Construction of Spirit of Mystery closely followed the design of the original luggers. The only concessions to modernity are watertight bulkheads and heavier ballast. Electrics have been fitted as it is a legal requirement to have navigation lights. An engine has been fitted but will not be used on the journey to Australia. Internally, oil lamps will be used, and navigation will be by the sun and stars, although a satellite tracking device allows the progress of Spirit of Mystery to be followed on the internet. As on the original Mystery, a coke stove is installed. However, the diet and clothing of the crew are to modern standards, and there is a toilet and gas cooker on board.

==History==
===Voyage to Australia===
Spirit of Mystery left Newlyn at 18:00 on 20 October 2008, bound for Cape Town, just as Mystery did in 1854. Pete Goss is reported to have been in such a hurry to leave that he left his socks and pants in a tumble dryer at a launderette. Spirit of Mystery crossed the Equator on 21 November 2008. The crew is Andy Goss, Eliot Goss, Pete Goss and Andy Maidment. Spirit of Mystery arrived in Cape Town on 25 December 2008 Spirit of Mystery left Cape Town on 13 January 2009, with an estimated arrival time in Australia of the first week in March.

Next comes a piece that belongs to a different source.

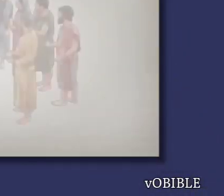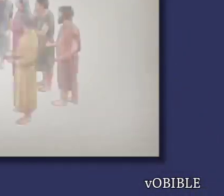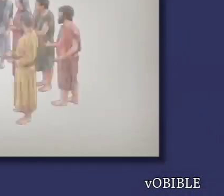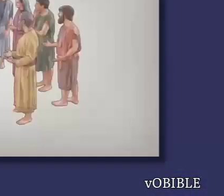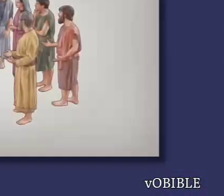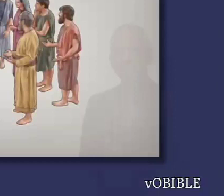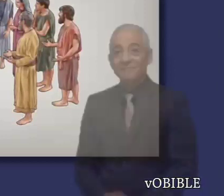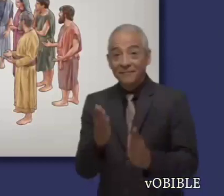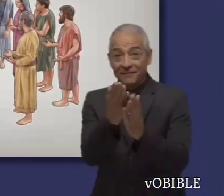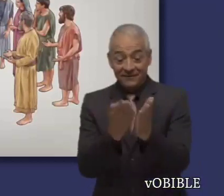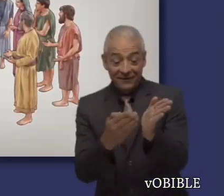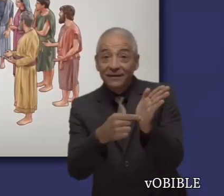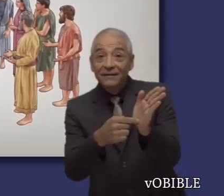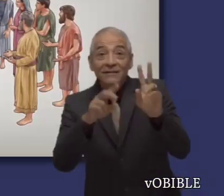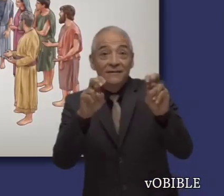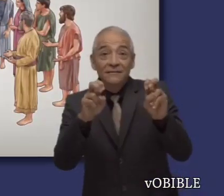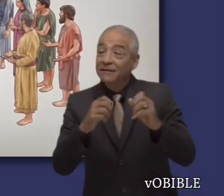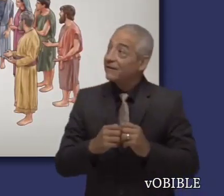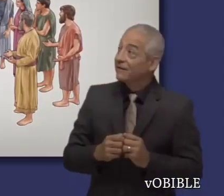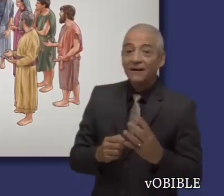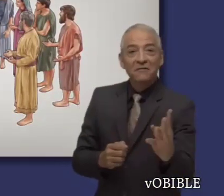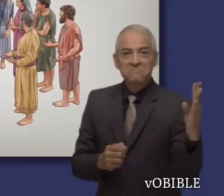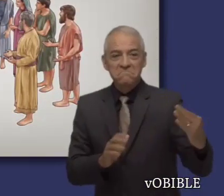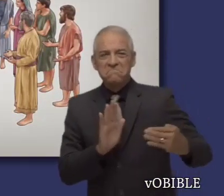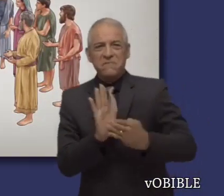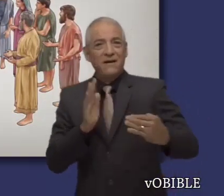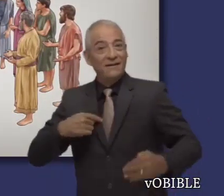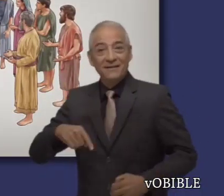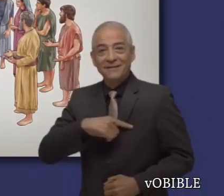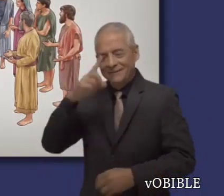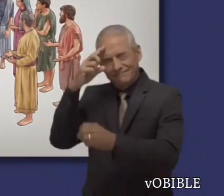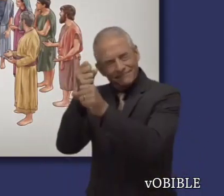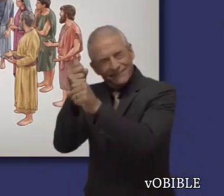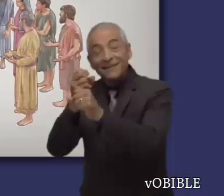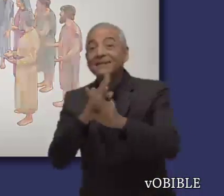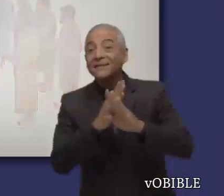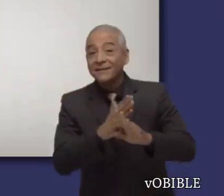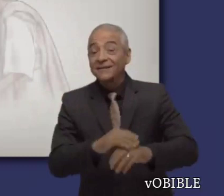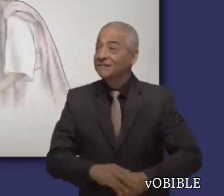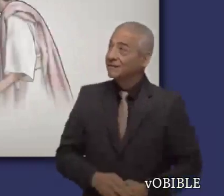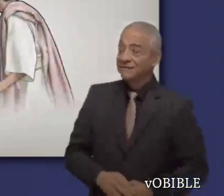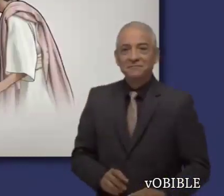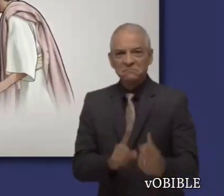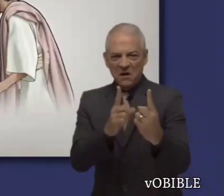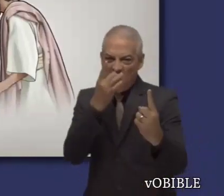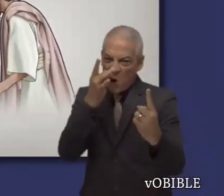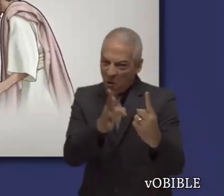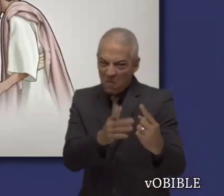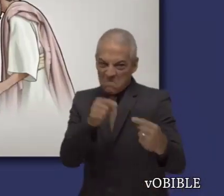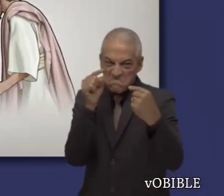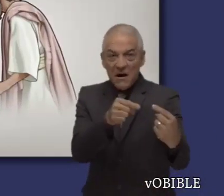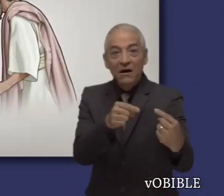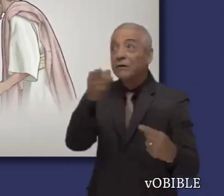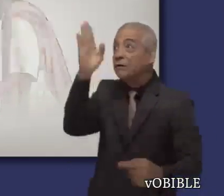La carta destaca la necesidad de demostrar fe y aguante al enfrentar las pruebas, del no cometer pecados que nos hagan

At 09:30 hrs local time on 4 March 2009, Spirit of Mystery was hit by a wave which rolled her more than 90 degrees on her side. Although she righted herself, Mark Maidment sustained a broken leg in the incident. The boat's liferaft and dinghy were lost overboard in the incident. Spirit of Mystery was off Kangaroo Island and some 300 nmi off the coast of Australia when the incident happened. Spirit of Mystery sailed towards Australia in order that Mark Maidment could be airlifted off by helicopter. He was originally scheduled to be rescued during the morning of 6 March 2009. Spirit of Mystery eventually put into Portland where Mark Maidment was transferred to an ambulance for transport to a hospital in Melbourne where he underwent an operation. The boat was damaged in the incident, and was reduced to a speed of 4 kn.

Spirit of Mystery arrived in Melbourne on 9 March 2009. The crew were greeted with a pint and a pasty.